Stability AI Unveils SVD 1.1 Upgrade Enhancing AI Video Generation Capabilities

2024-02-07

Stability AI is known for its growing content creation and coding open-source AI model array. The company has announced an upgrade to its image-to-video diffusion model, Stable Video Diffusion (SVD).

The upgraded model, called SVD 1.1, is a refined version of SVD 1.0, optimizing the generation of short AI videos with better motion and higher consistency.

In a post announcing the upgrade, Stability AI's Chief Technology Officer, Tom Mason, confirmed that the new model is available to the public and can be downloaded via Hugging Face.

He also noted that the model will be offered as part of Stability subscription membership, with different levels for individual and enterprise users, including free, $20 per month, and above. If users want to deploy the new SVD 1.1 for commercial purposes, they will need to join the membership.

What to expect from Stability AI's SVD 1.1?

As early as November 2023, Stability introduced two modes for AI videos: SVD and SVD-XT. The former is the base model, generating up to 14 frames of a four-second video using still images as reference frames. The latter is a fine-tuned version that works the same way but can generate up to 25 frames.

Now, after fine-tuning SVD-XT, Stability has released SVD 1.1. The company claims that this mode can also generate a four-second video with 25 frames, but with a resolution of 1024×576 and the same size for contextual frames.

More importantly, this upgrade is expected to provide more consistent video output compared to the original model.

For example, in many cases, SVD and SVD-XT fail to deliver realistic effects, resulting in videos with no motion or slow camera panning, and unable to generate the desired faces and characters. SVD 1.1 is expected to eliminate all these issues and promises better dynamic effects in the output.

"Fine-tuning (for SVD 1.1) was performed under fixed conditions of 6FPS and motion bucket Id 127 to improve the consistency of the output without adjusting hyperparameters. These conditions can still be adjusted and have not been removed. Performance beyond the fixed tuning settings may vary compared to SVD 1.0," as stated on the new model's Hugging Face page.


Actual AI-generated videos still need to be observed

Although Stability claims that SVD 1.1 has improved performance, the actual effects are yet to be observed. The model's Hugging Face page indicates that this mode is for research purposes only and also reminds everyone that some existing issues may still occur.

It is worth noting that, in addition to Hugging Face, the Stable Video Diffusion model can also be used through the API on Stability AI's developer platform. This provides developers with a convenient way to seamlessly integrate advanced video generation into their products.

"...We have released the Stable Video Diffusion API, which can generate 4-second videos in MP4 format, including 25 generated frames and the remaining interpolated frames, at a frame rate of 24fps. We support motion intensity control as well as various layouts and resolutions, including 1024×576, 768×768, and 576×1024," Mason stated in his post.

Last year, Stability AI drove the development of generative AI through frequent model releases. It seems that 2024 is following the same path. Founded in 2019, the company has raised a significant amount of funding, including the $101 million announced in 2022. However, it is not the only company operating in this field. Competitors like Runway and Pika have also gained attention for their customer-facing web platforms, which not only generate videos but also offer options for easy customization and upgrades.

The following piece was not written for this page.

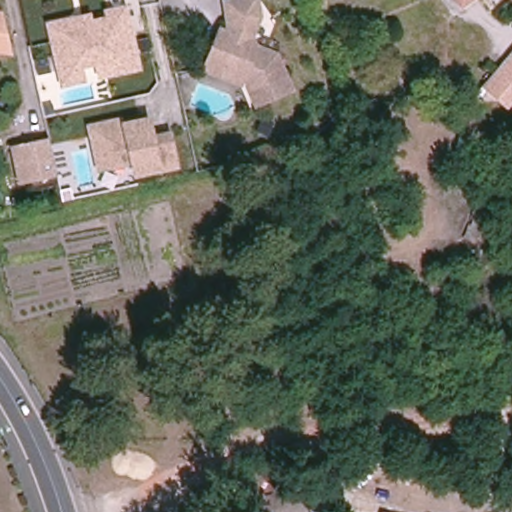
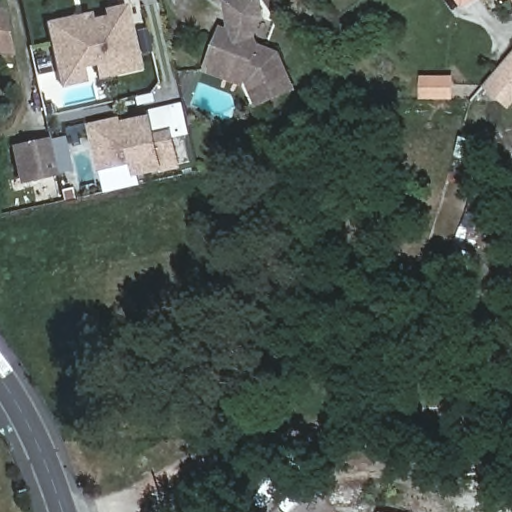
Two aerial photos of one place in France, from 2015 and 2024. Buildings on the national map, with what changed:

Recently, competitor Runway introduced the Multi Motion Brush feature on its platform, allowing users to add motion to specific parts of AI videos. Another AI video generation company, Pika, allows users to modify specific areas in videos, such as replacing a cow's face with a duck's face. However, both platforms still do not provide their models through an API, making it impossible for developers to integrate them into their respective applications.